Centre for Green Cities at Evergreen Brick Works
Architect Diamond Schmitt Architects, Toronto
Master Plan Coordinating Architect du Toit Architects Limited, Toronto
Owner/Developer Evergreen, Toronto
General Contractor Eastern Construction, Toronto
Landscape Architect du Toit Allsopp Hillier, Toronto
Co-Landscape Architect Claude Cormier + Associés, Montreal
Electrical Engineer Aecom, Whitby, ON
Mechanical and Electrical Engineers Stantec Consulting, Toronto
Structural Engineer Halsall Associates, Toronto
Commissioning Agent HFM, Whitby, ON
Transportation/Traffic Consultant BA Consulting Group Ltd., Toronto
Cost Consultant Turner & Townsend cm2r inc., Toronto
Code Consultant Leber Rubes, Toronto
LEED Consultant Halsall Associates, Toronto
Contributing Artist Ferruccio Sardella, Toronto
Heritage Architect E.R.A. Architects, Toronto
Durability Consultant Trow, Toronto
Photographer/Use of photos Tom Arban, Toronto
The Evergreen Brick Works project transformed an abandoned industrial site in Toronto’s Don Valley into an environmentally themed community landmark that engages visitors in diverse experiences connected to nature and the city.
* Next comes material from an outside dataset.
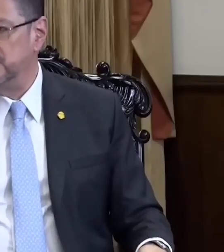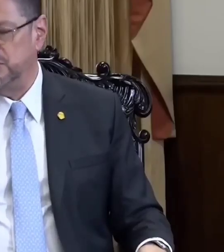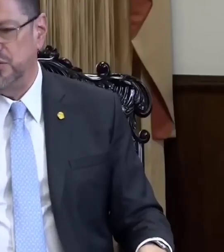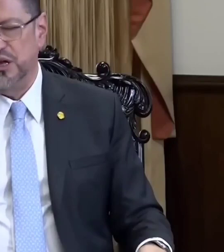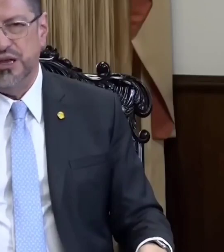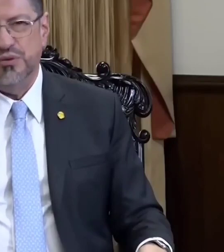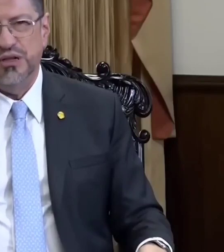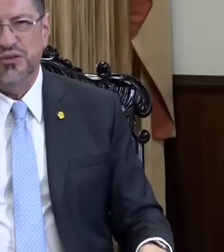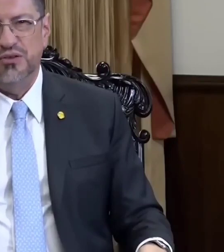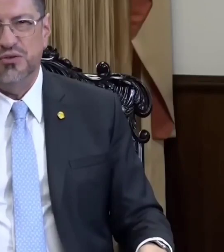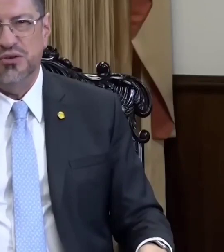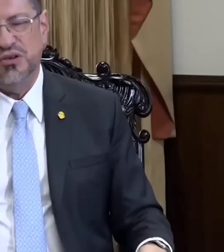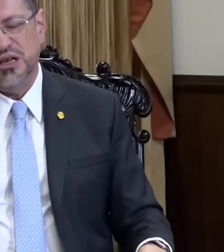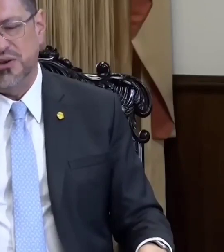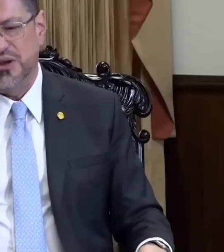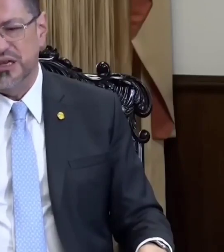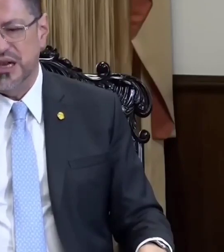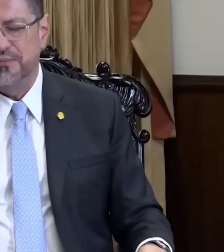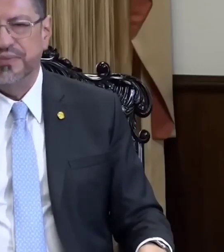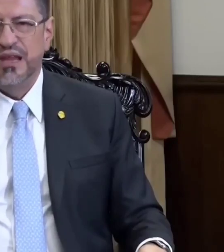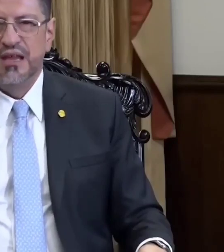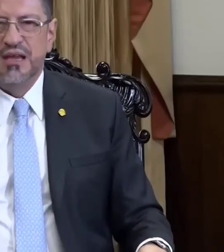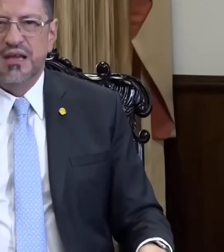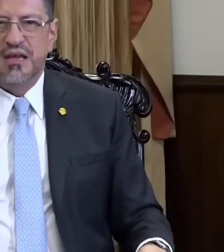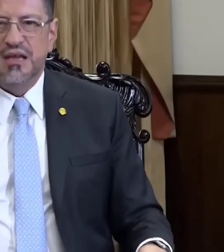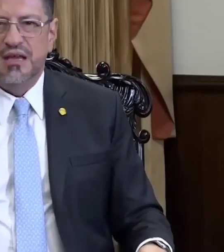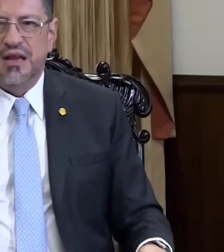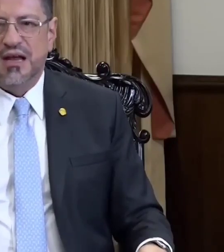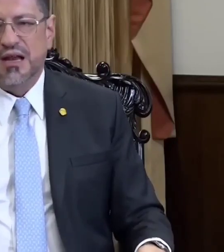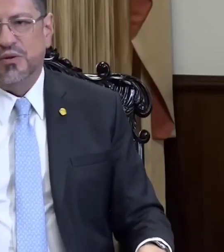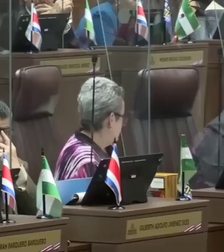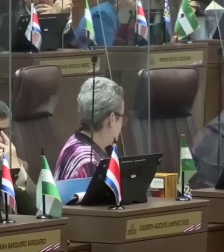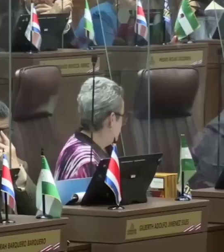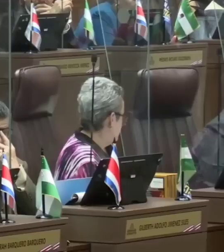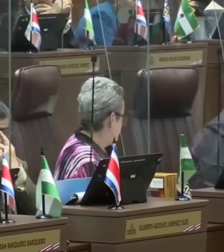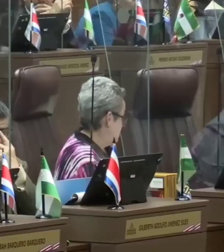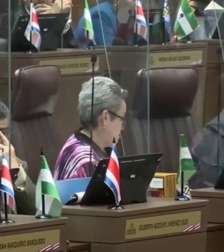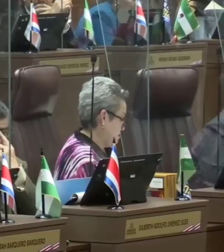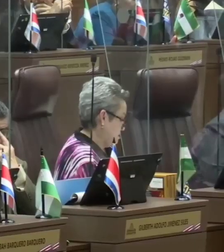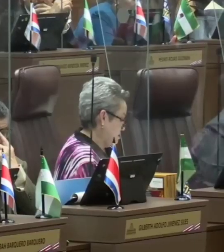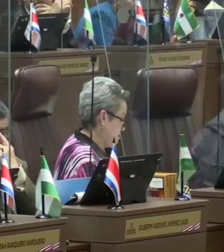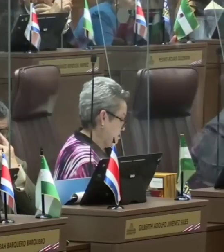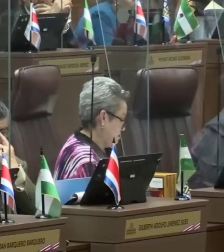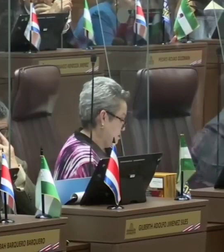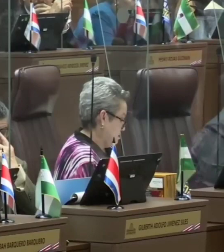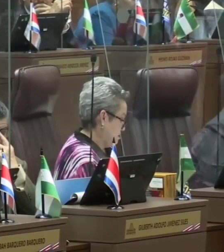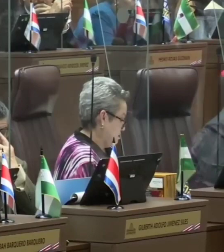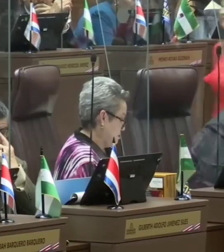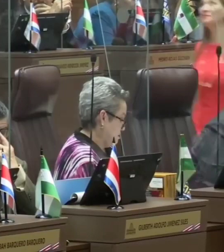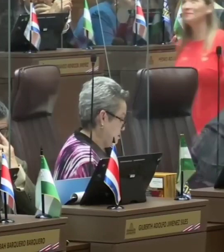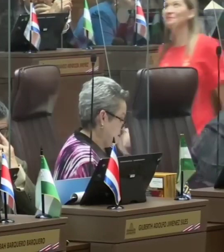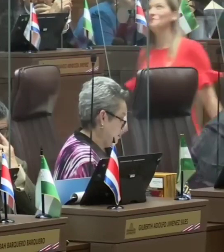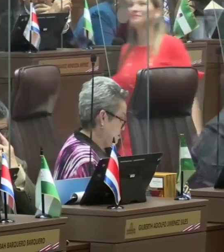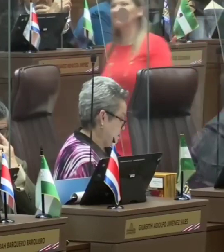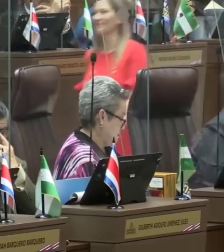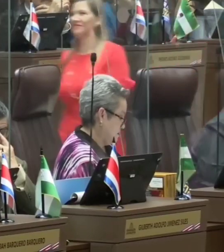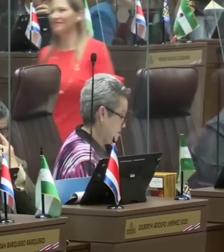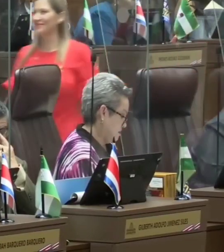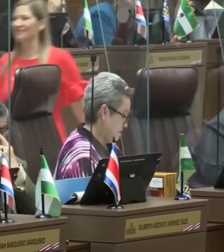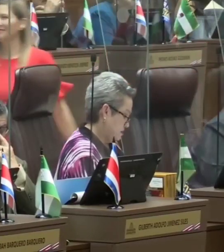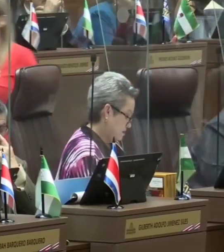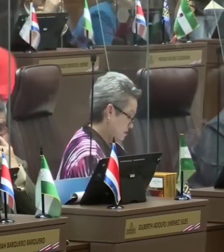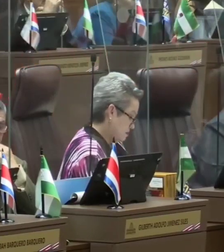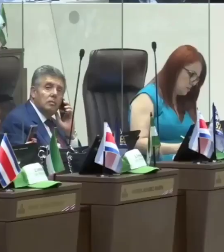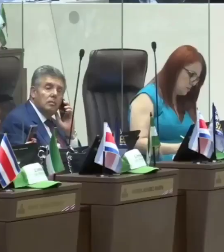Actualmente, Progreso Social Democrático y Frente Amplio intentan frenar el resello para evitar pérdida de 21 mil millones de colones que deberían pagar grandes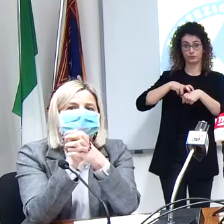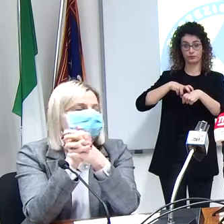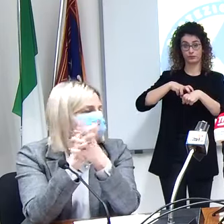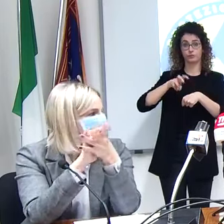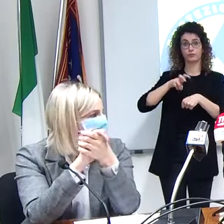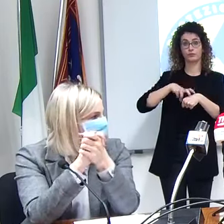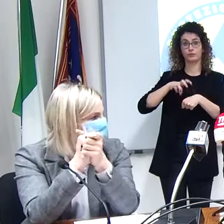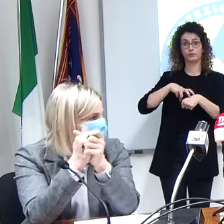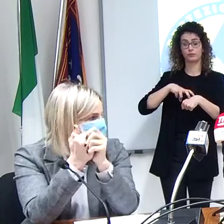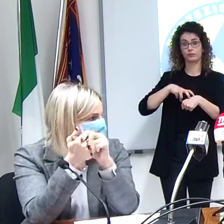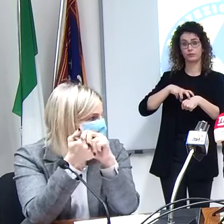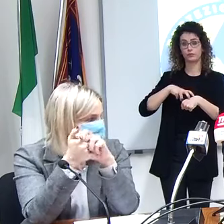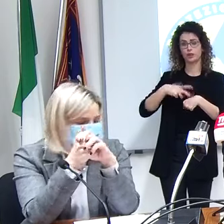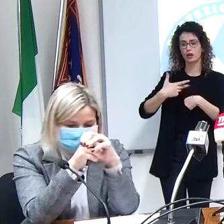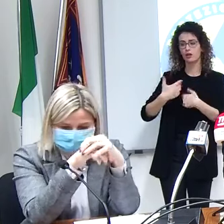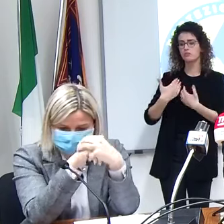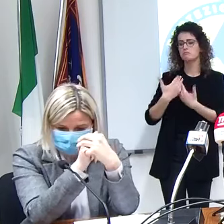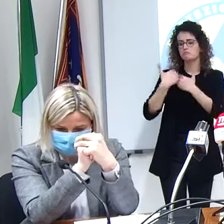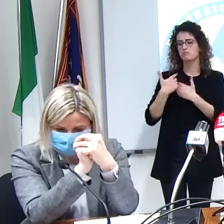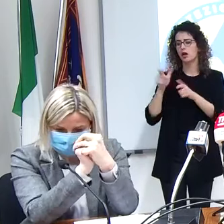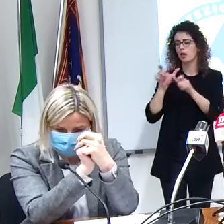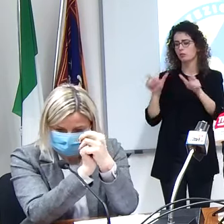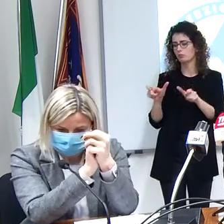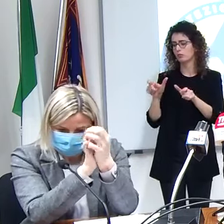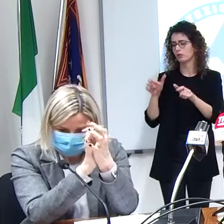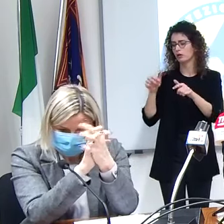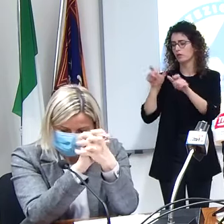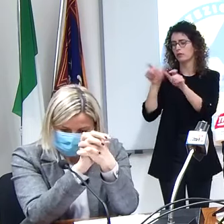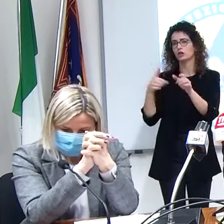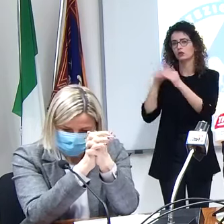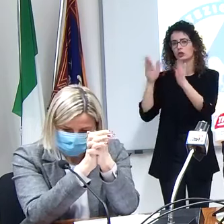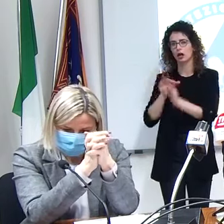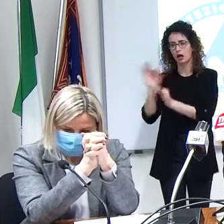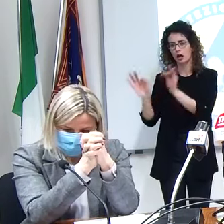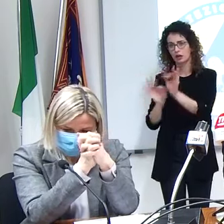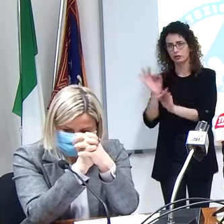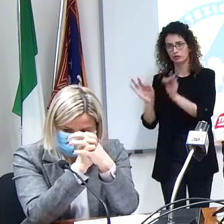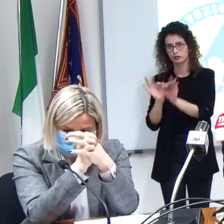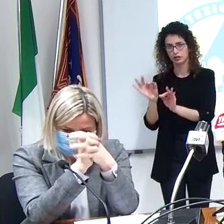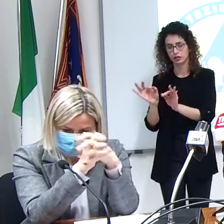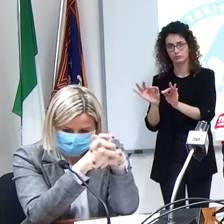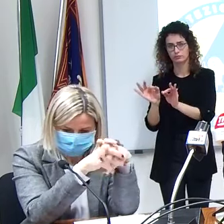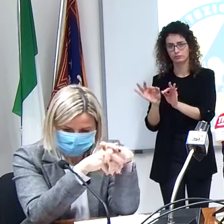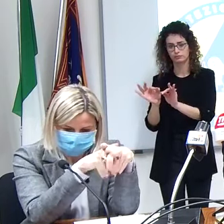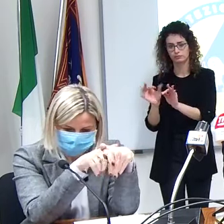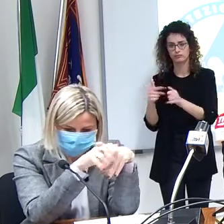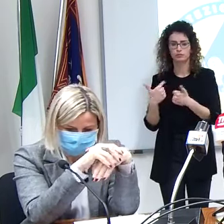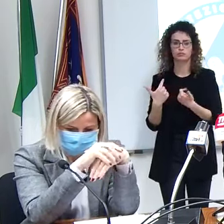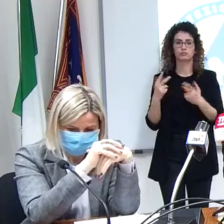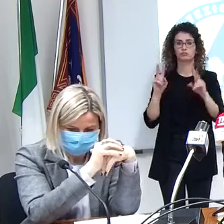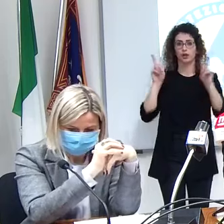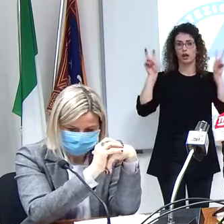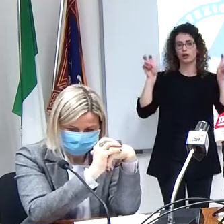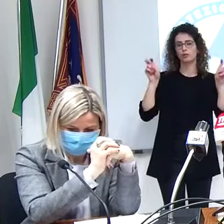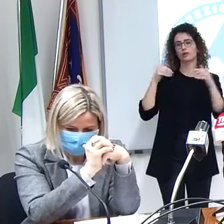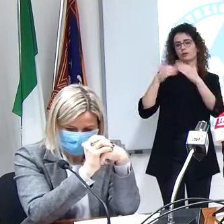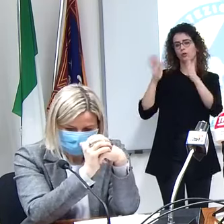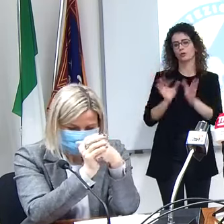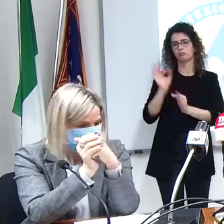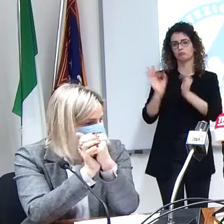dei pazienti li trattano quindi rispetto alle cure domiciliari questo è quello che vi volevo dire

In collaboration with the non-profit Evergreen, whose national headquarters are located here, a multi-disciplinary team adopted the approach of ‘light touch and loose fit’ to all aspects of the project: site remediation, preservation of 16 heritage buildings, landscaping, water management and programming.
The one new building is the Centre for Green Cities (CGC). This 5,000 sq.m LEED Platinum candidate uses the existing footprint and walls of a former brick-pressing shed and retains historical references and cultural interventions, such as decades of graffiti. It was critical to embody Evergreen’s mission to bring together nature, culture and community in the Centre’s design. The result is a highly energy efficient building that respects the site’s heritage, is adaptable to myriad programming options and provides a canvas for creativity in the form of movable screens on the exterior.
JURY COMMENTS: This is a fine example of the reclamation and remediation of a large industrial site that successfully integrates architectural and environmental concerns. The retention and reuse of a disparate collection of existing structures gives the redevelopment a rich and unique character reflective of its industrial heritage. The new Centre for Green Cities building successfully combines a variety of passive design strategies most notable of which is the innovative approach to natural ventilation.